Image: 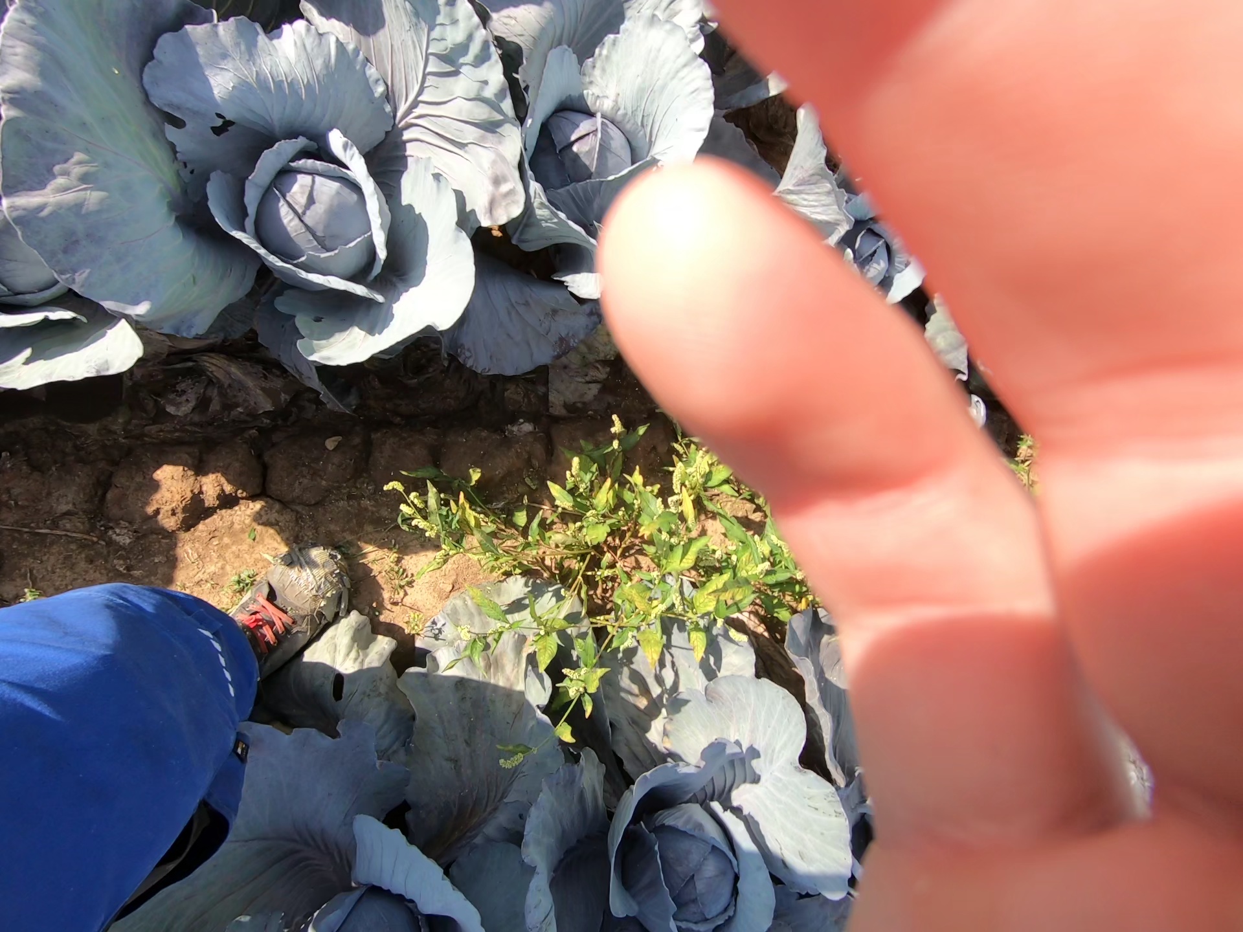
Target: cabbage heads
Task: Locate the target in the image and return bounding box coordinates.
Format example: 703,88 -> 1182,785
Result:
526,105 -> 634,227
837,225 -> 889,293
254,157 -> 383,274
629,803 -> 738,927
310,893 -> 418,931
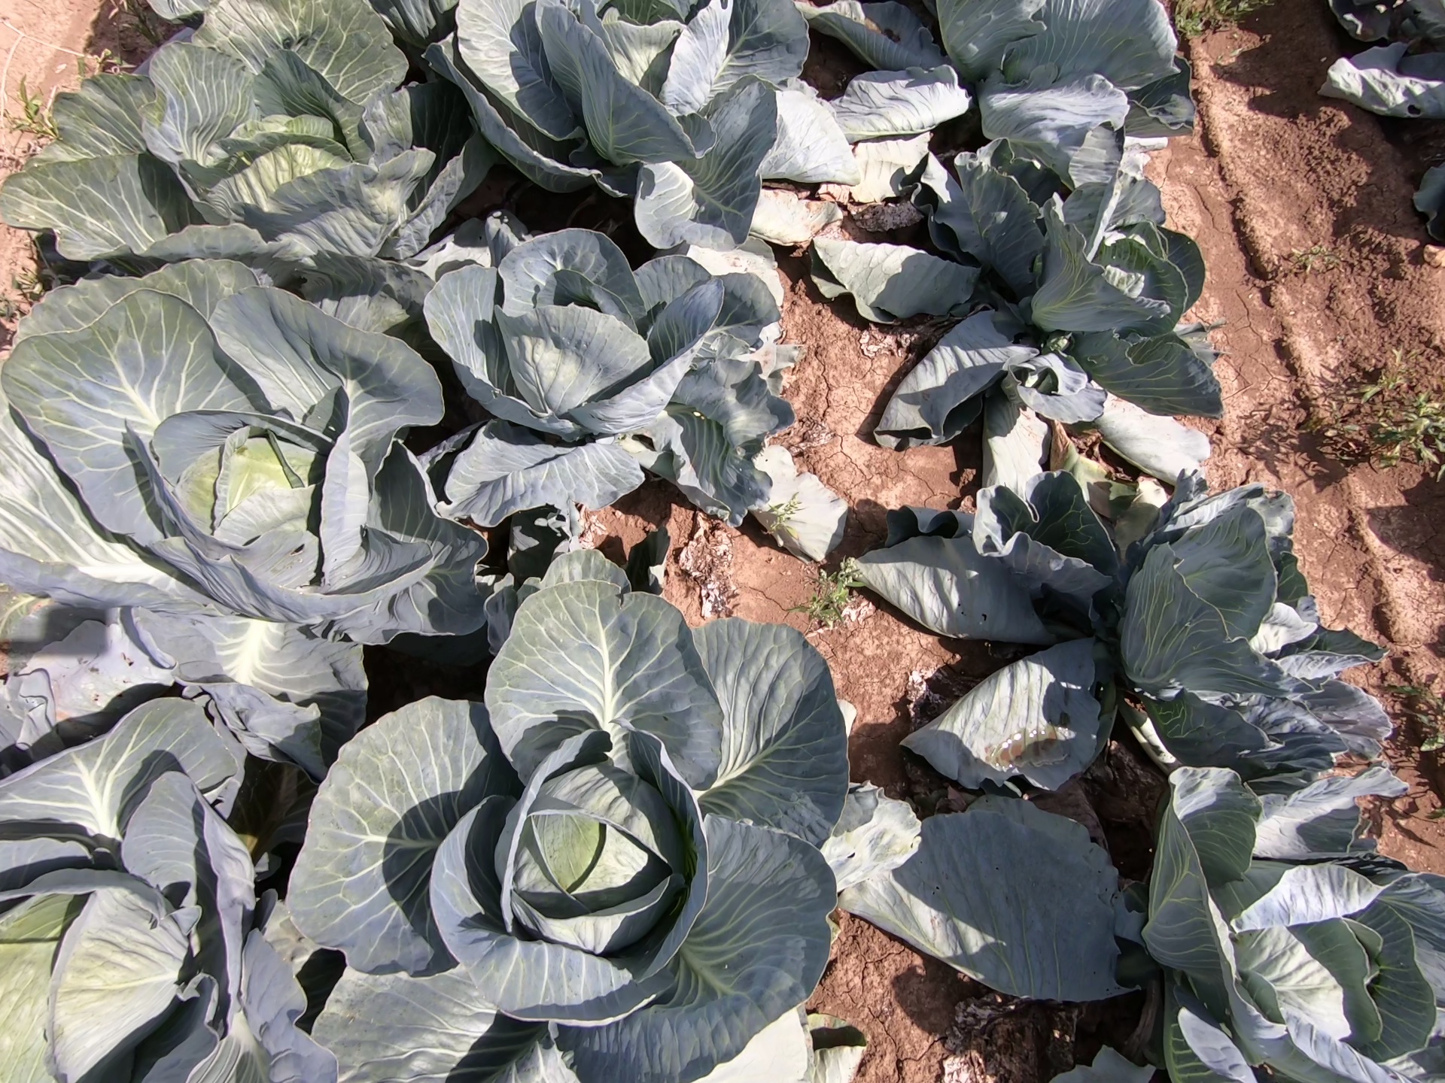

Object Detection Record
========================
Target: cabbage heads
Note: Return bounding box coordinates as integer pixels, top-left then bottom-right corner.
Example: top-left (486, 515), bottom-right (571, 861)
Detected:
top-left (1066, 226), bottom-right (1161, 326)
top-left (2, 867), bottom-right (195, 1081)
top-left (494, 766), bottom-right (685, 961)
top-left (1206, 871), bottom-right (1364, 1048)
top-left (173, 433), bottom-right (370, 581)
top-left (221, 113), bottom-right (356, 247)
top-left (519, 296), bottom-right (621, 412)
top-left (584, 20), bottom-right (696, 129)
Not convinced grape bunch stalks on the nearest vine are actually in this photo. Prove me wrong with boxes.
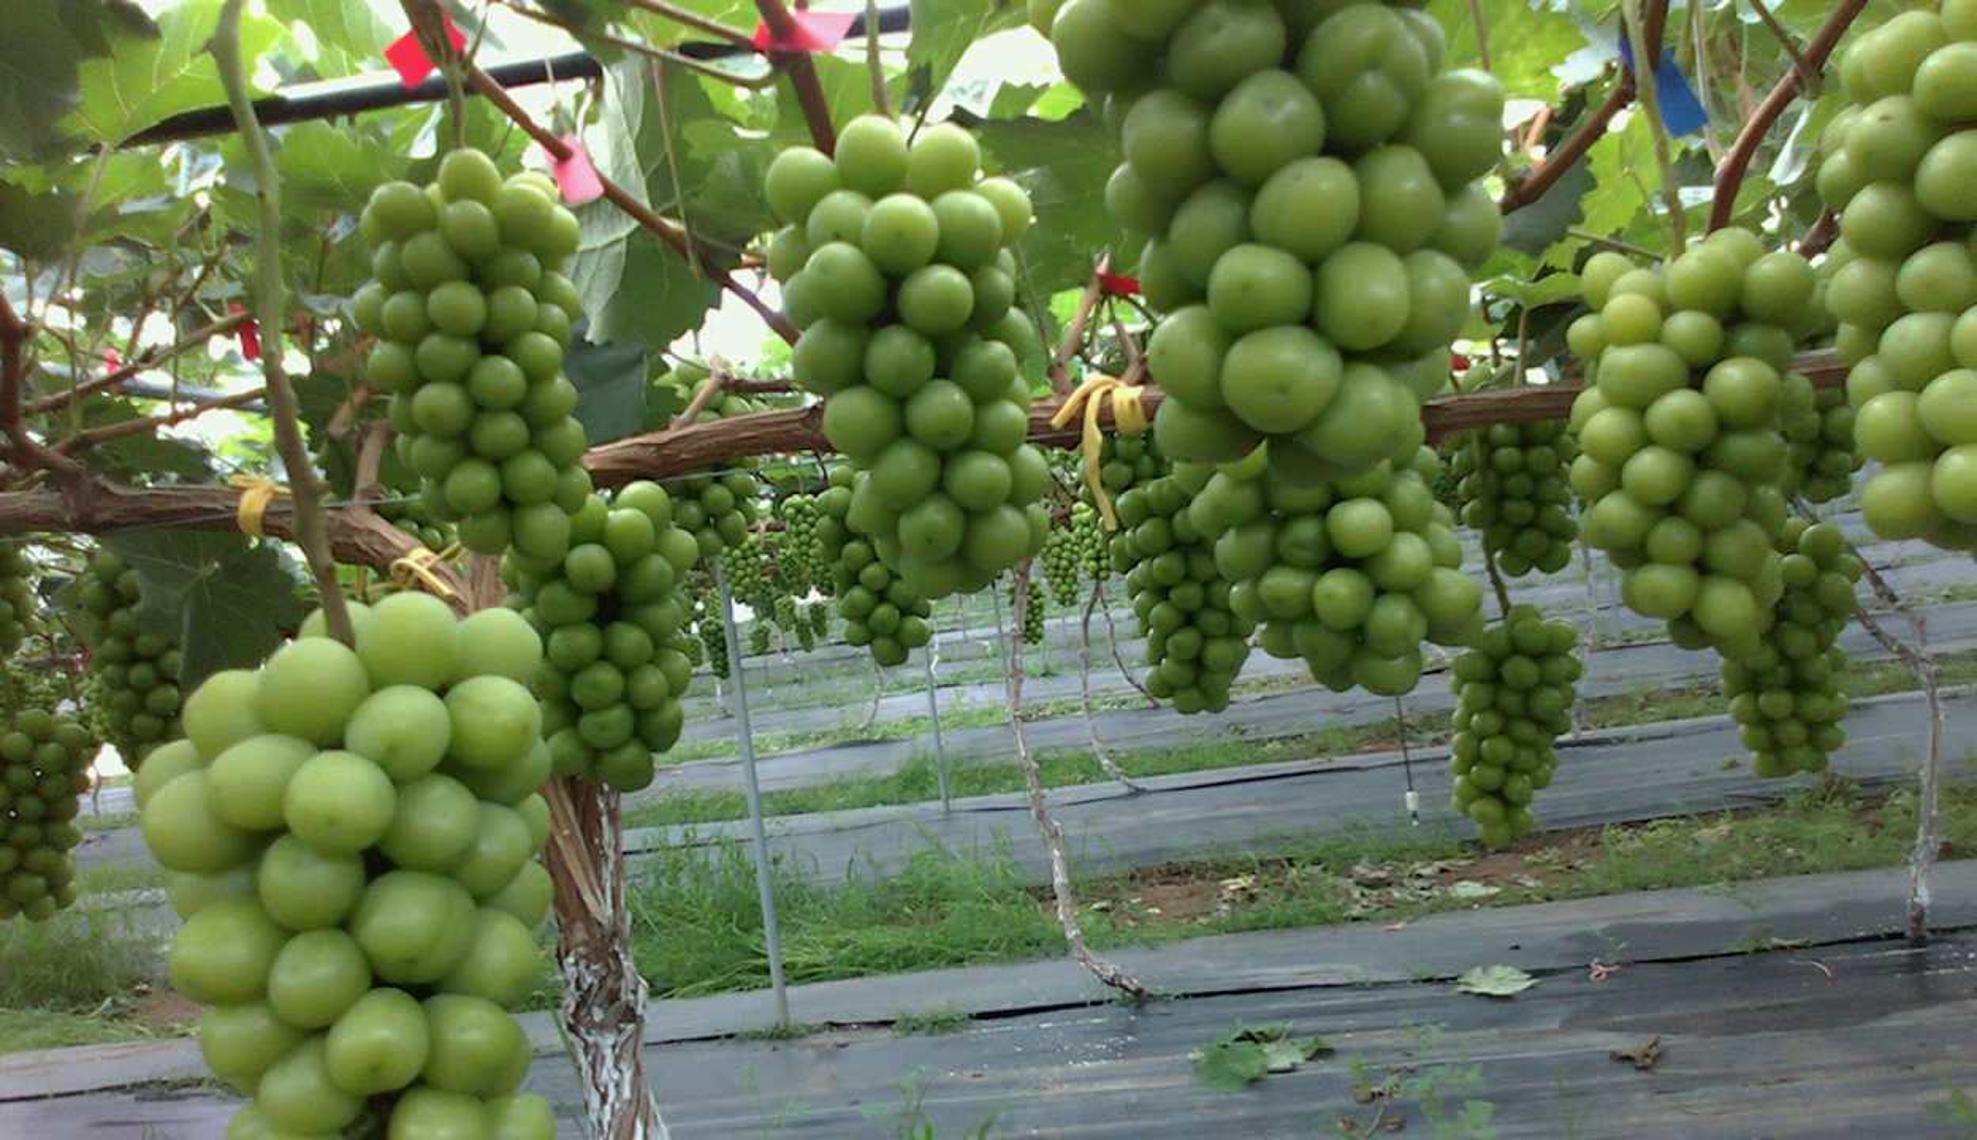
[423,2,466,144]
[1622,2,1687,256]
[865,2,893,117]
[206,2,352,648]
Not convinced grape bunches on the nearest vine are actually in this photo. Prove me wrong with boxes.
[502,480,695,795]
[1027,0,1505,486]
[130,591,558,1138]
[1174,442,1488,698]
[767,112,1053,598]
[1565,226,1814,662]
[353,146,592,575]
[1817,2,1975,553]

Action item: Render all entries verbatim, excluding any pictures they hold.

Answer to the exercise:
Image: 
Target: cabbage heads
Task: Locate the target in the image and return bounding box coordinates.
Format example: 703,88 -> 1182,785
Result:
526,105 -> 634,227
837,225 -> 889,293
254,157 -> 383,274
629,803 -> 738,927
310,893 -> 418,931

Object Detection Record
========================
Target: cabbage heads
Note: Return bounding box coordinates as integer pixels, top-left then bottom-right corner.
Example: top-left (486, 515), bottom-right (571, 861)
Detected:
top-left (1066, 226), bottom-right (1161, 326)
top-left (2, 867), bottom-right (195, 1081)
top-left (494, 766), bottom-right (685, 961)
top-left (1206, 871), bottom-right (1364, 1048)
top-left (173, 433), bottom-right (370, 581)
top-left (221, 113), bottom-right (356, 247)
top-left (519, 296), bottom-right (621, 412)
top-left (584, 20), bottom-right (696, 129)
Not convinced grape bunch stalks on the nearest vine are actually in this photo. Prove me wrong with boxes.
[423,2,466,144]
[1622,2,1687,256]
[865,2,893,117]
[206,2,352,648]
Not convinced grape bunches on the nearest vine are actually in this photo. Prove me wrong with boxes.
[502,480,695,795]
[1027,0,1505,486]
[130,591,558,1138]
[1174,442,1488,698]
[767,112,1053,598]
[1565,226,1814,662]
[353,146,592,575]
[1817,2,1975,553]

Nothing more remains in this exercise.